Lightweight and Fast

While this architecture is often used in the wider networking industry, Rémi pointed out that some companies, including ATEME, are implementing it in the video headend, both for OTT and for traditional broadcast deliveries. Their architecture uses ATEME Management System (AMS), itself an OpenStack system, as the control layer with the virtualisation layer set up by as many Titan devices as required. Titan uses another OpenStack concept, Docker.

Dockers have an edge over virtual machines for a few reasons. They are very lightweight  – typically just a few megabytes – because they do not need to include a full operating system. That means a process can usually be spooled up in less than one second, and they do not impose any CPU penalty. Because they are open source software they are free.

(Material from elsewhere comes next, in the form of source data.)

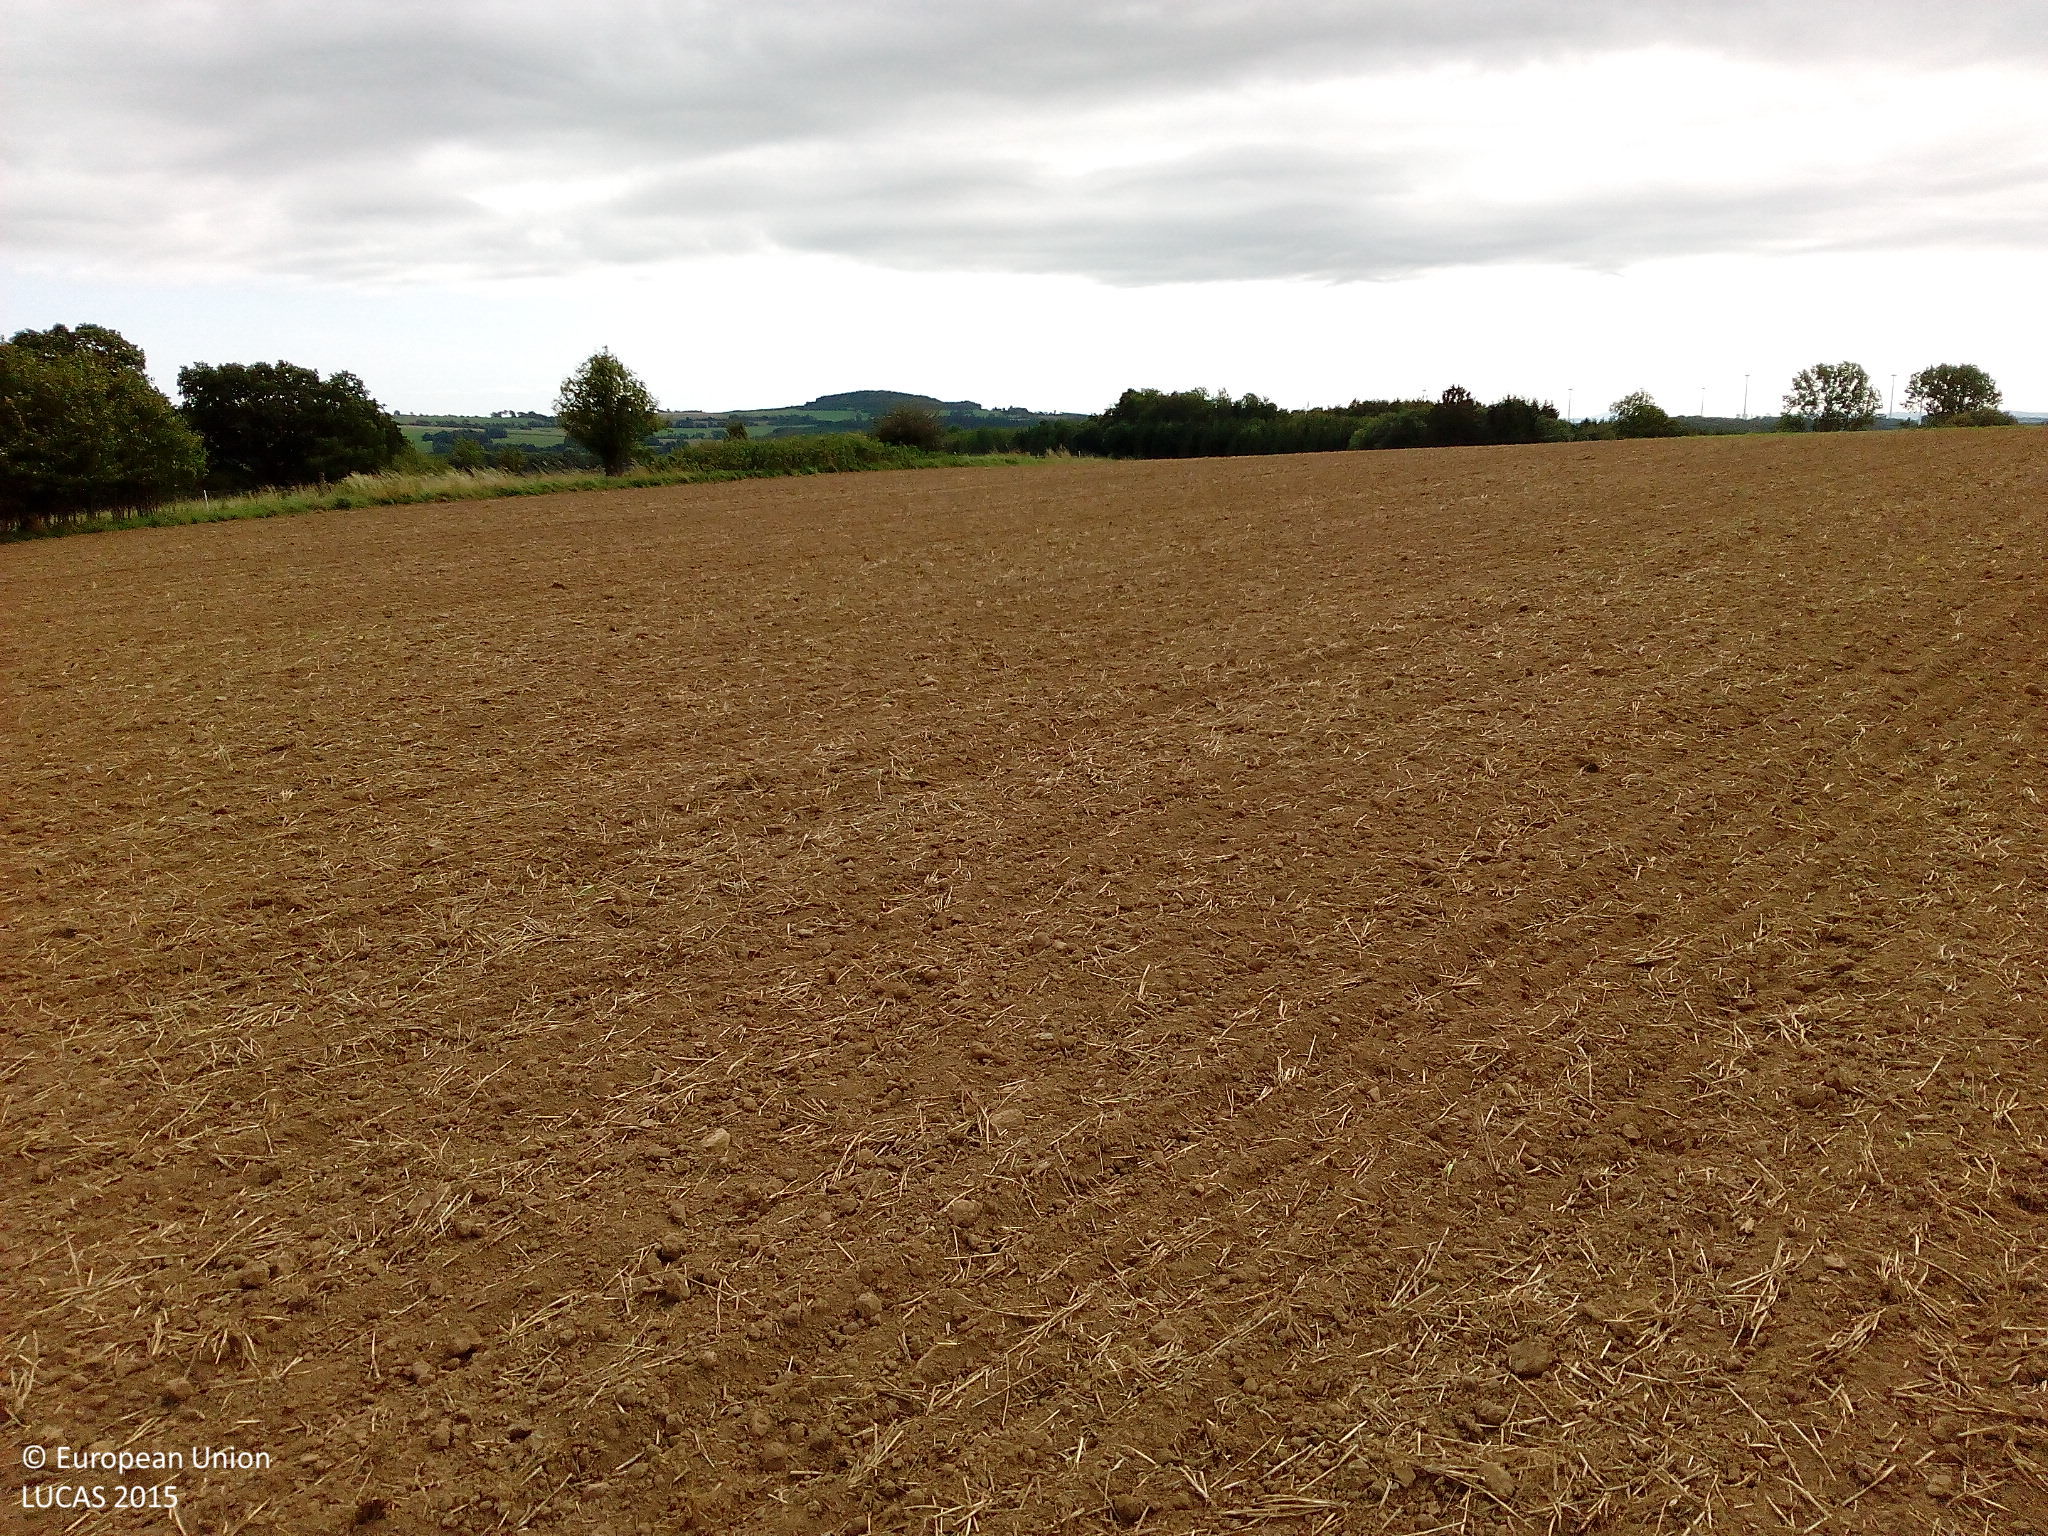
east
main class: Cropland
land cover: Rye
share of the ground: < 10 %
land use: Agriculture (excluding fallow land and kitchen gardens)
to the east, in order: Rye; Grass margins; Abandoned hedges; Fences; Grassland without tree/shrub cover; Fences; Shrubland with sparse tree cover; Fences; Grassland without tree/shrub cover; Fences; Grass margins; Tracks; Broadleaved woodland; Grassland without tree/shrub cover; Mixed cereals for fodder; Grassland without tree/shrub cover; Paved roads, cycling and walking lanes
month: August
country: DE
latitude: 50.4161
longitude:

Another basic advantage of using OpenStack principles is that AMS and its functionality are immediately ready for the cloud. Third-party cloud service providers rely heavily on OpenStack, and AMS provides transparent interoperability, for deploying functions, assigning IP addresses and setting up redundancy.

In use: Transcoding a UHD Asset

To demonstrate the efficiency of this virtualised framework, Rémi gave a real-world example – the transcoding of a UHD asset. “If we are talking about a feature length asset, this could take a day to transcode at high quality on a standalone device,” he said. “That means tying up expensive hardware for a very long time, which could impact other workflows. You may also not have a day to wait before you show the content.

“In a virtualised environment ATEME’s management system parses the input file and starts as many encoder instances as it requires or are available within the system business rules. Each instance is responsible for encoding one segment of the content. After the first pass, the system will analyse the result and launch the instances for the second encoding pass to the required quality level and bitrate. Finally, all the encoded segments are aggregated into a single output asset.

“The speed increase will obviously depend on the number of parallel instances that can be launched. Practical experience shows that, for content segmented into one minute chunks, you can get a hundredfold increase in encoding speed, bringing what was a 24-hour plus timescale down to around 15 minutes. Furthermore, some or all of those instances could be in the cloud, giving your architecture the elasticity it needs for workflows with high processor demand.”

The large number of platforms and services people are now working with, new content formats like 360˚ virtual reality and 4K and 8K Ultra HD, and the need to protect archives – all add to the challenge and volume of transcoding. Virtualisation techniques that are already available and affordable can give the flexibility broadcasters and service providers need to manage the changes in demand.